Inefficient utilization. As more value moves toward specialist knowledge and judgment, firms need to deploy expensive expertise carefully. One team may be overloaded while another has valuable people waiting for work. Poor visibility makes that harder to manage.
SME concentration. When a small group of specialists holds the knowledge many engagements depend on, those people can quickly become bottlenecks. That creates delivery pressure, a risk of burnout, succession concerns, and greater exposure if they leave. In this environment, attrition becomes a P&L issue as much as an HR one: losing scarce expertise can affect delivery capacity, customer relationships, and revenue.
The apprenticeship crisis. Perhaps the least visible problem is what happens to the next generation. Research, first drafts, models, and presentation work weren’t only low-level tasks; they were part of how junior consultants learned. If AI removes more of that work, firms will need another way to help early-career talent build judgment and experience.
This is where the issue starts landing squarely on the HR agenda, too. Workforce planning, development, succession, performance, and retention all rely on understanding which capabilities the business needs and how those capabilities are being built. Professional services HR software can support that work by helping leaders bring workforce data, skills, performance, and people operations into a connected view as the business model evolves.
Recommended For Further Reading
AI is changing the workforce, not just the work
AI hasn’t broken the consulting pyramid overnight. It is changing the economics that allowed that pyramid to work.
And that creates a bigger challenge than adopting better technology.
Consulting firms increasingly need a workforce model built for a world where routine output is easier to produce, expertise is harder to scale, and the ability to put the right skills in the right place can directly affect delivery and margin.
That’s why AI itself is unlikely to be the lasting competitive advantage. The stronger advantage is an organization that knows how to combine AI with human judgment, skills, knowledge, and accountability.
FAQs
The consulting pyramid is the traditional structure through which firms organize junior professionals, managers, and senior experts. It has historically supported both the economics of consulting delivery and the development of future specialists, with junior team members handling much of the research, analysis, drafting, and project preparation.
AI is changing the consulting pyramid by accelerating the automation of routine tasks traditionally handled by junior consultants. This can reduce the time needed to produce baseline work while increasing the value of specialist judgment, customer context, verification, and accountability.
Leverage compression is the reduction in junior-level effort that has historically helped consulting firms scale senior expertise across more engagements. As AI takes on more routine work, firms may need fewer hours of junior effort to produce an initial output, changing the economics behind traditional staffing models.
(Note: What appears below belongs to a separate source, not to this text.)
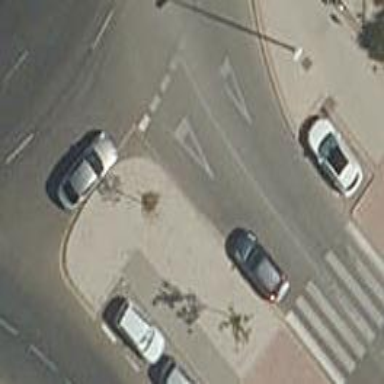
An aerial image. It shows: Road with "give way" sign.

AI is unlikely to replace junior consultants outright, but it is changing the work they do and how they develop. When AI handles more research, drafting, and first-pass analysis, firms can create more deliberate ways for early-career professionals to build judgment, practice, and customer understanding.
Consulting firms can avoid an apprenticeship crisis by identifying the skills traditional junior work helped develop, then creating structured opportunities to build them in new ways. This can include coaching, expert shadowing, realistic casework, source-verification exercises, and assignments that require people to evaluate and improve AI-assisted work.